| PROBLEM REQUIREMENTS |
Collect all lines below with the string "width".

| DATASET EXCERPTS |

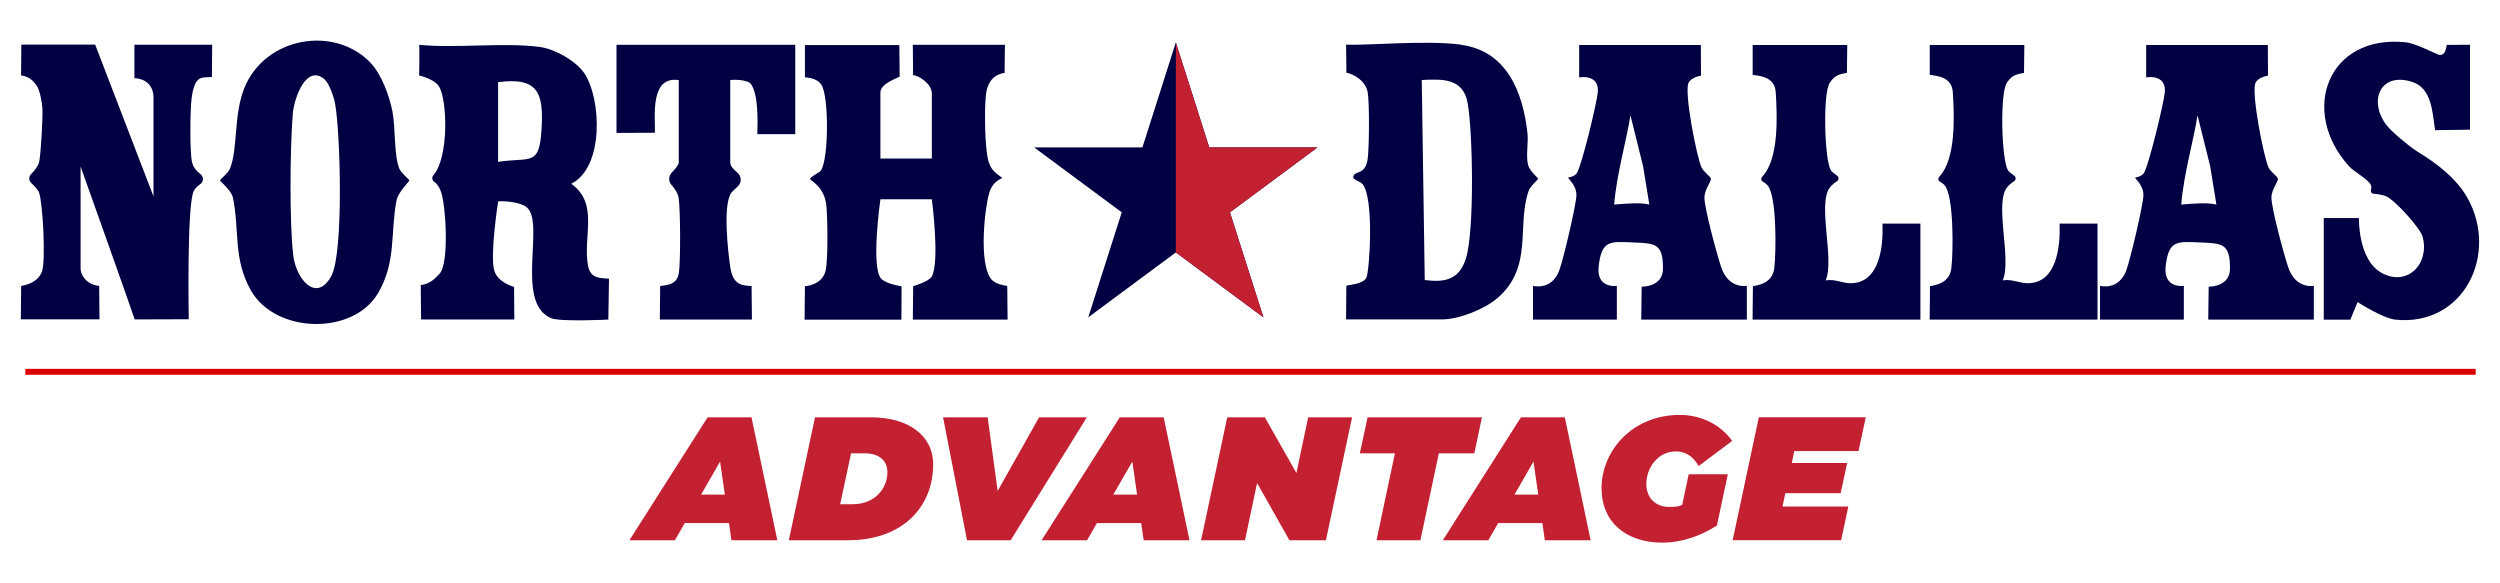<?xml version="1.0" encoding="UTF-8"?>
<svg id="Layer_2" data-name="Layer 2" xmlns="http://www.w3.org/2000/svg" viewBox="0 0 300 70">
  <defs>
    <style>
      .cls-1 {
        fill: #fff;
      }

      .cls-2 {
        fill: #db0000;
      }

      .cls-3 {
        fill: #000042;
      }

      .cls-4 {
        fill: #c32032;
      }
    </style>
  </defs>
  <rect class="cls-1" x="-1.55" y="-3.95" width="305" height="78"/>
  <g>
    <polygon class="cls-3" points="141.1 5.09 145.11 17.69 158.1 17.69 147.59 25.48 151.61 38.08 141.1 30.29 130.59 38.08 134.61 25.48 124.1 17.69 137.09 17.69 141.1 5.09"/>
    <polygon class="cls-4" points="141.1 5.09 145.11 17.69 158.1 17.69 147.59 25.48 151.61 38.08 141.1 30.29 141.1 5.09"/>
    <g>
      <path class="cls-3" d="M175.34,5.38c5.49.74,7.41,5.7,7.95,10.56.14,1.22-.2,2.65.07,3.82.18.77,1.22,1.59,1.22,1.69,0,.09-.94.87-1.14,1.45-1.47,4.22.59,9.1-3.72,12.85-1.54,1.34-4.65,2.58-6.66,2.58h-11.53l.03-4.02c.14-.16,2-.14,2.41-1,.37-.77.96-9.55-.48-11.24-.29-.33-1.48-.52-.98-1.11.33-.39,1.34-.14,1.6-1.81.2-1.27.24-6.9.01-8.1-.29-1.52-1.97-2.24-2.55-2.32l-.04-3.37c2.6.11,9.63-.56,13.81,0h0ZM170.98,33.61c2.49.31,4.16-.08,4.94-2.63,1.02-3.3.83-14.98.2-18.6-.52-3-3.01-2.91-5.51-2.78l.36,24.01h0Z"/>
      <path class="cls-3" d="M204.1,5.38l.02,3.7s-1.14.16-1.49.84c-.56,1.1.95,8.83,1.55,10.16.26.57,1.1,1.1,1.13,1.38.03.32-.78,1.34-.78,2.22,0,1.35,1.5,6.84,2,8.35.9,2.72,3.09,2.27,3.09,2.27v4.05s-12.67,0-12.67,0l.05-3.95s2.56.08,2.56-2.19c0-2.98-.93-3-3.42-3.11-2.91-.12-3.94-.35-4.3,2.85-.31,2.72,2.18,2.36,2.18,2.36v4.04s-10.06,0-10.06,0v-4.05s2.23.63,3.16-1.87c.46-1.24,2.04-7.87,2.05-9.03,0-1.23-1.06-1.99-.99-2.08.03-.04.64-.08.99-.47.57-.65,2.48-8.61,2.57-9.81.16-2.22-2.24-1.75-2.24-1.75v-3.89s14.61,0,14.61,0h0ZM197.92,24.55l-.75-4.61-1.52-6.11c-.4,2.77-1.67,7.09-1.95,10.72,1.38-.11,3.08-.28,4.22,0"/>
      <path class="cls-3" d="M221.67,5.38l-.04,3.37c-1.27.19-1.59.51-2.06,1.19-.84,1.23-.65,9.15.13,10.49.09.15.42.42.76.66.23.16.22.49,0,.64-.35.22-.67.52-.82.7-1.63,1.9.55,8.65-.56,11.22,1.05-.21,2.09.37,3.07.34,3.47-.08,3.85-4.54,3.75-7.16h4.55v11.52h-20.14l.04-4.01c.77-.13,2.34-.4,2.56-2.14.24-1.88.31-8.68-.79-9.94-.15-.18-.35-.34-.57-.45-.22-.12-.26-.42-.09-.6,2.05-2.14,1.8-7.42,1.63-10.14-.12-1.96-2.12-1.96-2.77-2.09v-3.58s11.36,0,11.36,0h0Z"/>
      <path class="cls-3" d="M242.92,5.38l-.04,3.37c-1.27.19-1.59.51-2.06,1.19-.84,1.23-.65,9.15.13,10.49.09.15.42.42.76.66.23.16.22.49,0,.64-.35.22-.67.52-.82.7-1.63,1.9.55,8.65-.56,11.22,1.05-.21,2.09.37,3.07.34,3.47-.08,3.85-4.54,3.75-7.16h4.55v11.52h-20.14l.04-4.01c.77-.13,2.34-.4,2.56-2.14.24-1.88.31-8.68-.79-9.94-.15-.18-.35-.34-.57-.45-.22-.12-.26-.42-.09-.6,2.05-2.14,1.8-7.42,1.63-10.14-.12-1.96-2.12-1.96-2.77-2.09v-3.58s11.36,0,11.36,0h0Z"/>
      <path class="cls-3" d="M272.14,5.38l.02,3.7s-1.14.16-1.49.84c-.56,1.1.95,8.83,1.55,10.16.26.57,1.1,1.1,1.13,1.38.03.32-.78,1.34-.78,2.22,0,1.35,1.5,6.84,2,8.35.9,2.72,3.09,2.27,3.09,2.27v4.05s-12.67,0-12.67,0l.05-3.95s2.56.08,2.56-2.19c0-2.98-.93-3-3.42-3.11-2.91-.12-3.94-.35-4.3,2.85-.31,2.72,2.18,2.36,2.18,2.36v4.04s-10.06,0-10.06,0v-4.05s2.23.63,3.16-1.87c.46-1.24,2.04-7.87,2.05-9.03,0-1.23-1.06-1.99-.99-2.08.03-.04.64-.08.99-.47.57-.65,2.48-8.61,2.57-9.81.16-2.22-2.24-1.75-2.24-1.75v-3.89s14.61,0,14.61,0h0ZM265.97,24.55l-.75-4.61-1.52-6.11c-.4,2.77-1.67,7.09-1.95,10.72,1.38-.11,3.08-.28,4.22,0"/>
      <path class="cls-3" d="M296.4,5.36v10.2l-4.19.06c-.32-2.09-.37-5.01-2.72-5.78-3.78-1.25-5.33,2.15-3.16,5.11.63.85,2.73,2.58,3.65,3.17.85.54,4.41,2.59,6.1,5.6,3.81,6.76-.41,15.47-8.62,14.64-1.55-.16-4.55-2.11-4.55-2.11l-.87,2.11h-3.19v-12.19h4.22s-.13,4.98,2.7,6.56c3.08,1.73,5.81-1.05,4.95-4.3-.29-1.1-3.27-4.31-4.27-4.82-.49-.25-1.18-.33-1.63-.36-.21-.01-.36-.21-.31-.42.05-.2.08-.42.02-.58-.27-.7-2.03-1.63-2.6-2.25-6.07-6.64-2.59-15.94,6.8-14.92,1.18.13,3.73,1.46,3.94,1.5.88.16.92-1.19.92-1.19l2.81-.02h0Z"/>
      <path class="cls-3" d="M11.43,5.38l6.99,18.19v-11.86c0-1.47-.96-2.27-2.29-2.33v-4.01h9.33l-.03,3.87c-1.11.13-2.03-.41-2.43,2.5-.19,1.37-.24,6.45.04,7.7.14.63.54,1.09,1.02,1.46.4.31.39.91-.03,1.2-.33.23-.64.49-.81.89-.81,1.92-.57,15.32-.57,15.32l-6.49.02h0c-.08-.37-6.49-18.35-6.49-18.35v12.28c0,.63.61,1.89,2.23,2.05l.04,4.01H2.5l.04-4.01s2.03-.22,2.52-1.8c.42-1.36.1-7.91-.36-9.37-.1-.34-.56-.81-.95-1.18-.3-.28-.32-.76-.03-1.05.4-.41.87-.98.98-1.49.21-.92.45-5.34.39-6.42-.03-.62-.31-2.14-.63-2.63-.48-.74-1.03-1.2-1.93-1.32l.03-3.7h8.87Z"/>
      <path class="cls-3" d="M44.46,7.54c1.33,1.39,2.26,3.94,2.63,5.83.38,1.97.18,5.23.82,6.85.23.57,1.21,1.31,1.21,1.43,0,.14-1.34,1.37-1.54,2.42-.75,3.86,0,7.33-2.21,11.1-2.97,5.08-12.27,4.91-15.25-.3-2.18-3.81-1.36-7.36-2.17-11.15-.2-.92-1.55-1.95-1.55-2.08,0-.11.98-.85,1.21-1.43.95-2.41.42-6.43,1.7-9.62,2.47-6.16,10.81-7.6,15.16-3.05h0ZM38.96,9.53c-2.21-1.91-3.66,2.25-3.82,4.07-.34,4.11-.42,13.02.05,17.04.33,2.86,2.8,5.78,4.58,2.45,1.48-2.78,1.08-17.14.44-20.66-.14-.77-.7-2.41-1.25-2.89h0Z"/>
      <path class="cls-3" d="M64.8,5.64c1.76.23,4.3,1.65,5.31,3.14,2.06,3.04,2.41,11.29-1.56,13.27,3.39,2.44,1.34,6.33,2.02,9.86.3,1.57,1.48,1.43,2.51,1.54l-.08,4.9s-5.8.29-6.88-.17c-4.4-1.87-.62-11.59-2.96-13.34-.78-.58-2.42-.73-3.38-.68,0,0-1.03,6.56-.45,8.37.46,1.41,2.36,1.9,2.36,1.9l.03,3.91h-11.19l-.04-4.13c1.02-.13,1.64-.67,2.28-1.39,1.14-1.27.74-8.14.16-9.78-.19-.53-.42-.94-.8-1.2-.28-.19-.34-.56-.12-.81,1.89-2.18,1.67-9.19.64-10.7-.6-.88-2.35-1.27-2.35-1.27,0,0,.06-3.43,0-3.68,4.51.44,10.15-.32,14.52.26h0ZM59.77,19.42c3.92-.59,4.94.6,5.21-3.86.27-4.35-.34-6.35-5.21-5.7v9.56Z"/>
      <path class="cls-3" d="M95.43,5.38v10.72h-4.55c.05-1.55.13-4.76-.76-6.01-.33-.46-1.62-.57-2.49-.49v9.91c0,.4.41.84.85,1.2.52.43.55,1.21.05,1.66-.32.29-.62.57-.75.74-1.08,1.39-.42,7.16-.13,9.05.34,2.19,1.62,2.08,2.54,2.17l.04,4.01h-11.05l.04-4.01c.56-.15,1.95,0,2.23-1.5.24-1.27.2-7.72-.01-9.07-.09-.58-.49-1.16-.87-1.58-.37-.42-.35-1.06.04-1.47.42-.43.84-.94.84-1.19v-9.91c-3.46-.5-2.82,4.28-2.86,6.32l-4.61.02V5.38h21.44Z"/>
      <path class="cls-3" d="M107.92,5.38l.04,3.8c-.08.13-2.31.82-2.31,1.89v7.95h6.17s0-7.85,0-7.85c-.05-1.18-1.63-2.12-2.25-2.16l-.03-3.63h11.05c-.01.1-.04,3.37-.04,3.37-.42.07-1.97.28-2.24,2.63-.19,1.65-.16,6.64.35,8.11.37,1.05.87,1.29,1.62,1.87-.9.39-1.36,1.03-1.57,1.8-.53,1.68-1.3,8.46.24,10.34.61.74,1.82.72,1.92.84l.04,4.01h-11.37l.04-4.01s1.89-.53,2.24-1.17c.98-1.84,0-9.26,0-9.26h-6.17s-1.17,8.15.09,9.53c.58.64,2.45.92,2.45.92l-.02,4h-11.62l.04-4.01s2.09-.1,2.49-1.9c.3-1.34.23-6.22.09-7.74-.22-2.34-1.95-3.04-1.96-3.23,0-.28,1.08-.71,1.31-1.04.93-1.36.98-9.06,0-10.34-.56-.73-1.52-.77-1.93-.83v-3.86h11.33Z"/>
      <rect class="cls-2" x="3.04" y="44.26" width="294.04" height=".71"/>
    </g>
    <g>
      <path class="cls-4" d="M87.77,64.83l-.29-2.06h-5.31l-1.18,2.06h-5.46l9.38-14.75h5.27l3.1,14.75h-5.5ZM84.14,59.35h2.84l-.57-3.96-2.28,3.96Z"/>
      <path class="cls-4" d="M94.66,64.83l3.14-14.75h6.74c4.42,0,7.44,2.15,7.44,5.65,0,5.14-3.73,9.1-10.18,9.1h-7.14ZM100.83,60.51h1.45c2.84,0,4.21-2.04,4.21-3.83,0-1.43-1.01-2.28-2.72-2.28h-1.64l-1.31,6.11Z"/>
      <path class="cls-4" d="M116.04,64.83l-2.87-14.75h5.35l1.2,8.83,4.97-8.83h5.73l-9.14,14.75h-5.25Z"/>
      <path class="cls-4" d="M137.24,64.83l-.3-2.06h-5.31l-1.18,2.06h-5.46l9.38-14.75h5.27l3.1,14.75h-5.5ZM133.61,59.35h2.84l-.57-3.96-2.28,3.96Z"/>
      <path class="cls-4" d="M144.13,64.83l3.14-14.75h4.51l3.79,6.68,1.41-6.68h5.27l-3.14,14.75h-4.38l-3.88-6.87-1.45,6.87h-5.27Z"/>
      <path class="cls-4" d="M177.83,50.08l-.91,4.32h-4.26l-2.21,10.43h-5.27l2.21-10.43h-4.21l.93-4.32h13.71Z"/>
      <path class="cls-4" d="M185.38,64.83l-.29-2.06h-5.31l-1.18,2.06h-5.46l9.37-14.75h5.27l3.1,14.75h-5.5ZM181.75,59.35h2.84l-.57-3.96-2.28,3.96Z"/>
      <path class="cls-4" d="M192.18,58.66c0-4.7,3.83-8.87,9.38-8.87,2.65,0,4.93,1.2,6.3,3.12l-4.02,3.01c-.57-.95-1.35-1.75-2.76-1.75-2.09,0-3.52,1.92-3.52,3.92,0,1.54,1.01,2.74,2.72,2.74.72,0,1.14-.04,1.58-.23l.78-3.69h4.7l-1.31,6.15c-1.98,1.29-4.34,2.06-6.53,2.06-4.4,0-7.31-2.49-7.31-6.47Z"/>
      <path class="cls-4" d="M223.02,54.13h-7.71l-.29,1.43h6.64l-.78,3.62h-6.64l-.34,1.6h7.9l-.86,4.04h-13.02l3.14-14.75h12.83l-.86,4.04Z"/>
    </g>
  </g>
</svg>

| WRITTEN SOLUTION |
  <rect class="cls-1" x="-1.55" y="-3.95" width="305" height="78"/>
      <rect class="cls-2" x="3.04" y="44.26" width="294.04" height=".71"/>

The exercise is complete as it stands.